- **DIRECTIONS FOR THIS TASK**: Print every line of the listing below, starting with the line that holds "land cover: Maize" and going on through the line that holds "longitude: 6.3688", both included, and print nothing else.

- **MATERIAL PROVIDED**:
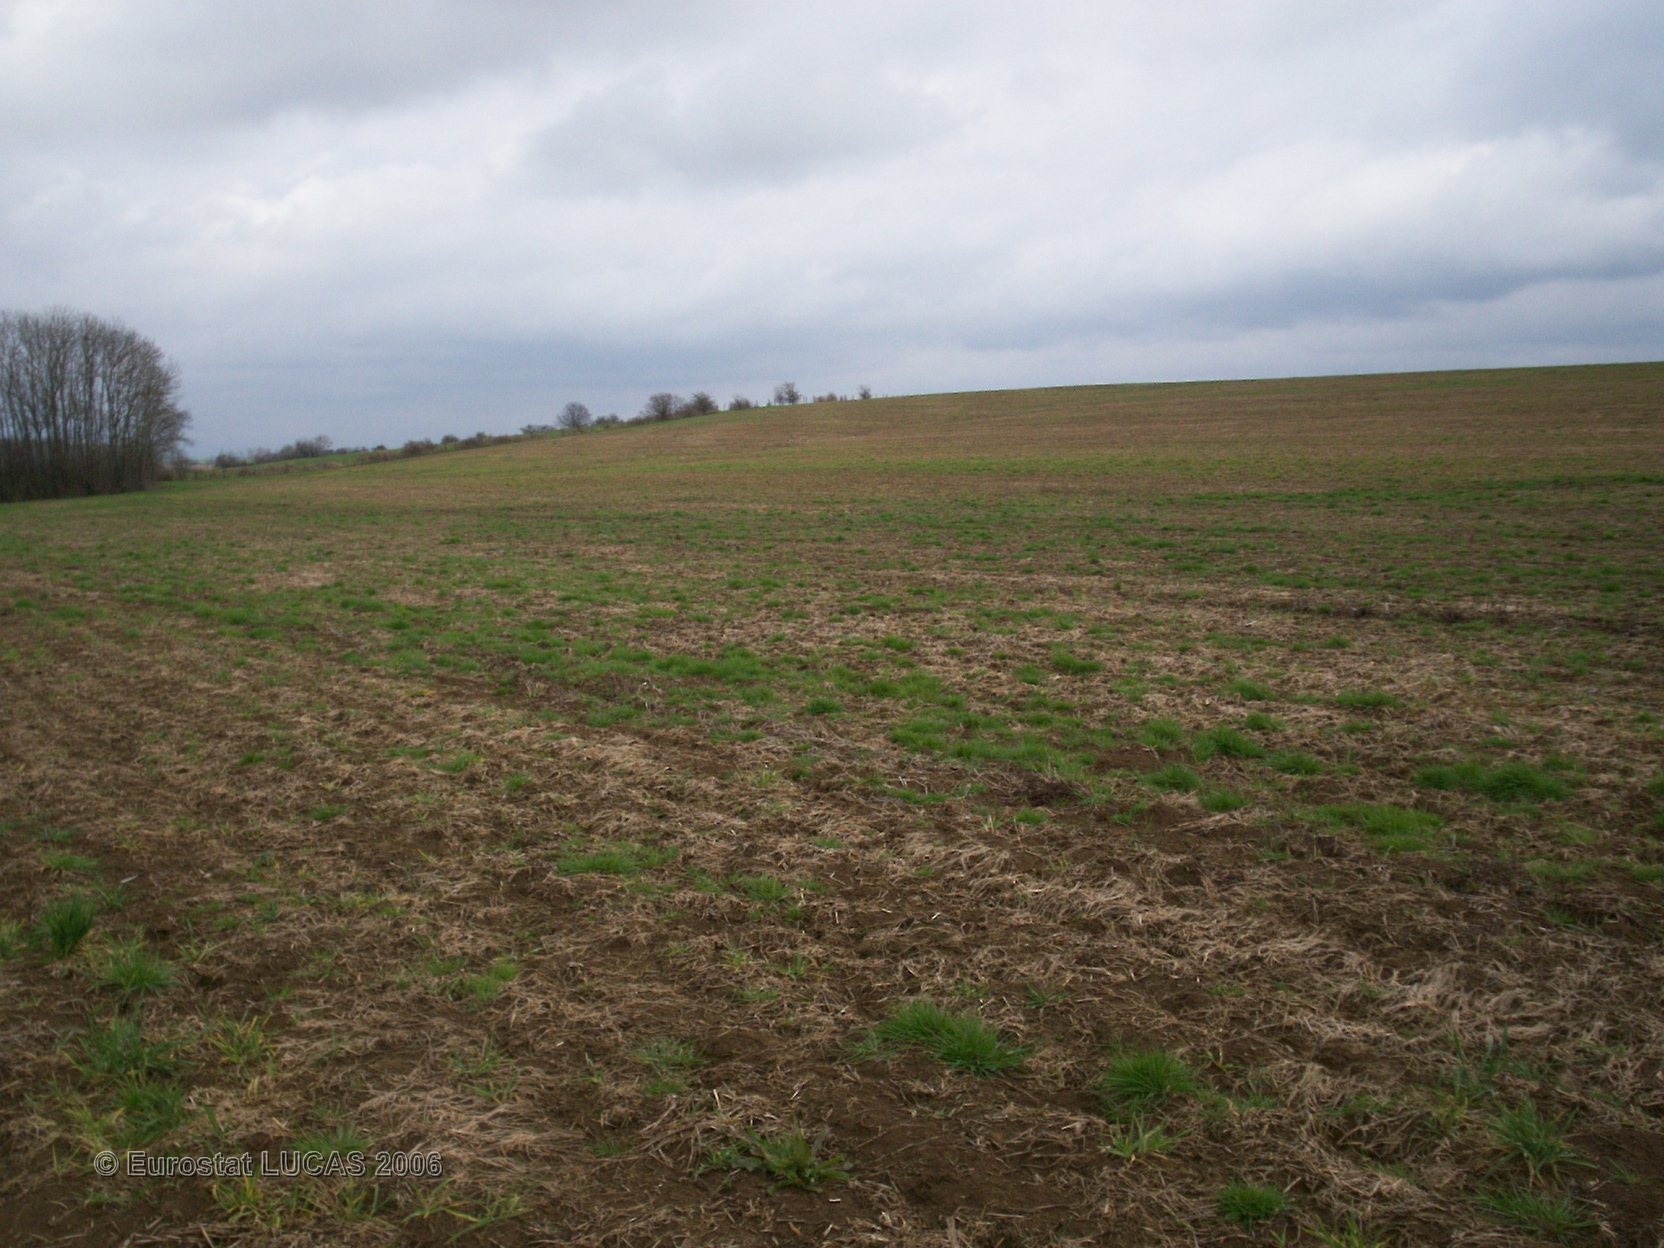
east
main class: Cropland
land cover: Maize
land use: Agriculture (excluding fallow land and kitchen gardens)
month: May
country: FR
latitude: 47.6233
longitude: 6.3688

--

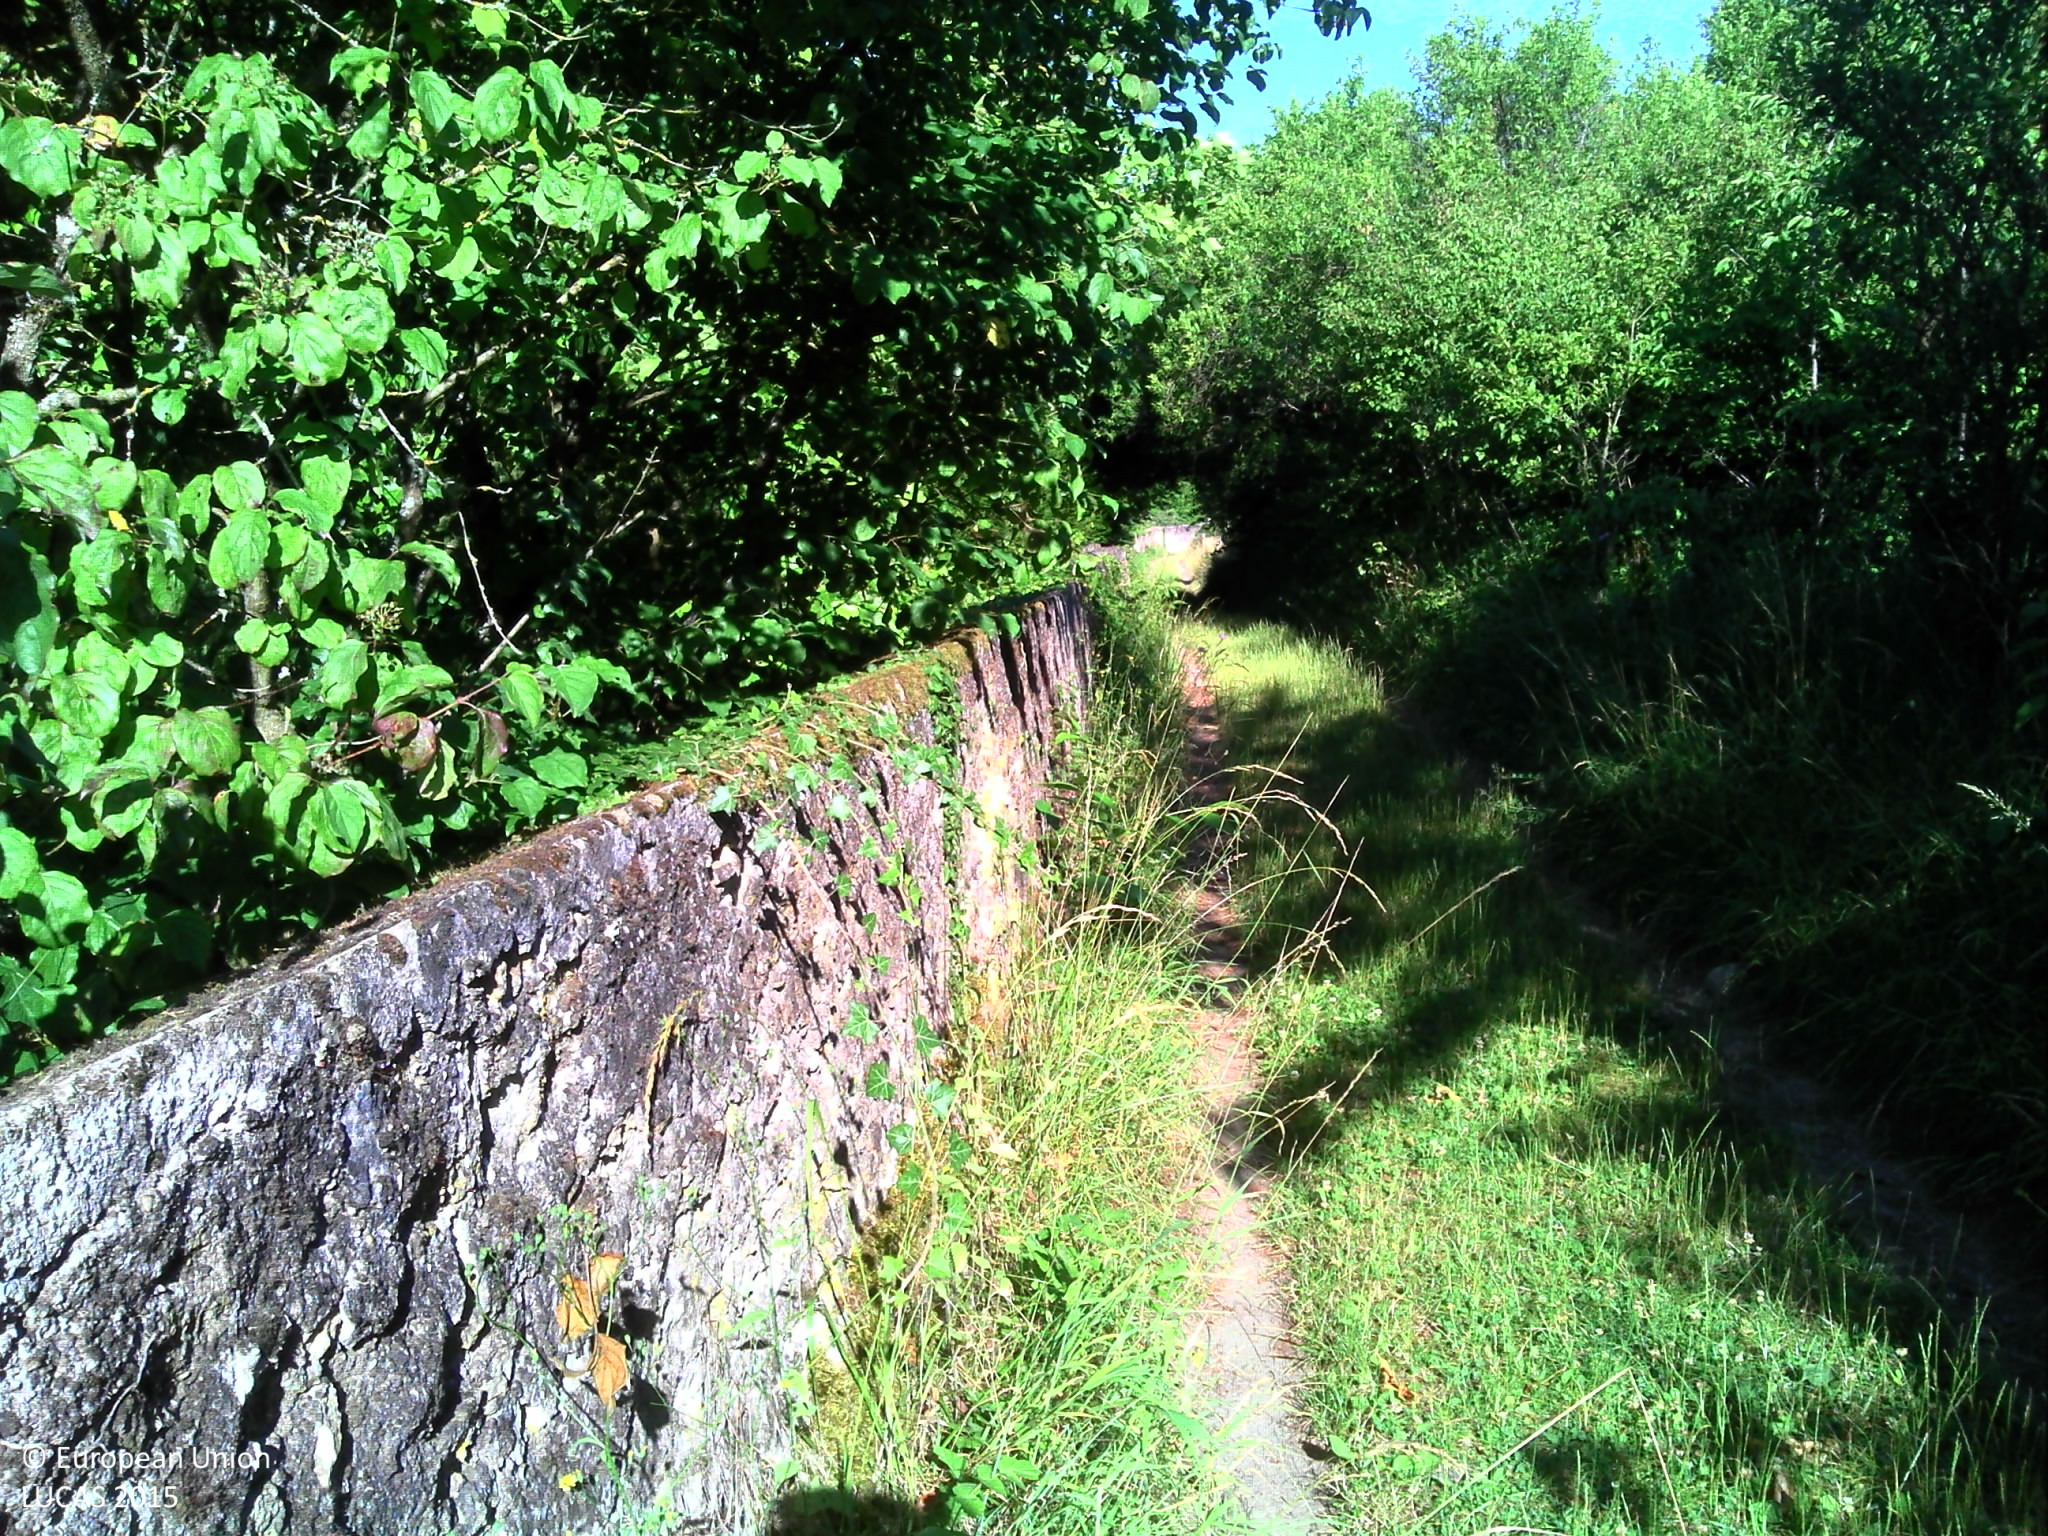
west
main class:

- **EXERCISE RESULT**:
land cover: Maize
land use: Agriculture (excluding fallow land and kitchen gardens)
month: May
country: FR
latitude: 47.6233
longitude: 6.3688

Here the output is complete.